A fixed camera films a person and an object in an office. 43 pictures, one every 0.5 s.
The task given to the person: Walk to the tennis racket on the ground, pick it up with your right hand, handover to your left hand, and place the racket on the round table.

——————————

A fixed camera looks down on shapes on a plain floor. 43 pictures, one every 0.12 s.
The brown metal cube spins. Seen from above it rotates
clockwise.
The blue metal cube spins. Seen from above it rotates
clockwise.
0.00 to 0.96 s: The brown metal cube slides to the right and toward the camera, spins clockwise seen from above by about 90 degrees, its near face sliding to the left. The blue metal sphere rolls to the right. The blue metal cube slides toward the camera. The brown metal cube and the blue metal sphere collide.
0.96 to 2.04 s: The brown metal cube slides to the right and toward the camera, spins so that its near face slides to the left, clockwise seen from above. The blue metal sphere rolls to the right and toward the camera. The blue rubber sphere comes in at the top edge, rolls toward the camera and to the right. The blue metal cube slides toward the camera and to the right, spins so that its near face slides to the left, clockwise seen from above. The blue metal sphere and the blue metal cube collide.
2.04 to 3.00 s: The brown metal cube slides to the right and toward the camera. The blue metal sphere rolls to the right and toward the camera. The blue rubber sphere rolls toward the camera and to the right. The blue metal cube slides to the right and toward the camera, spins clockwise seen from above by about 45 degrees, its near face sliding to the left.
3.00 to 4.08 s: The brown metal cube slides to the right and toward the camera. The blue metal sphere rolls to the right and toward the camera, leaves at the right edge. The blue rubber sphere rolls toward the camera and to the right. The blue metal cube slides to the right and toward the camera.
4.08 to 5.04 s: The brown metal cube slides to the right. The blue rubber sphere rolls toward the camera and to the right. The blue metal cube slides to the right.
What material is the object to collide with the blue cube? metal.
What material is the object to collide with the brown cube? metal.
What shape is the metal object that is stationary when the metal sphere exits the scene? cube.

——————————

## Your assignment
Retype exactly, and only, the lines above from the one where "A fixed camera films" occurs up to and including the one where "The task given" occurs.

## Result for this exercise
A fixed camera films a person and an object in an office. 43 pictures, one every 0.5 s.
The task given to the person: Walk to the tennis racket on the ground, pick it up with your right hand, handover to your left hand, and place the racket on the round table.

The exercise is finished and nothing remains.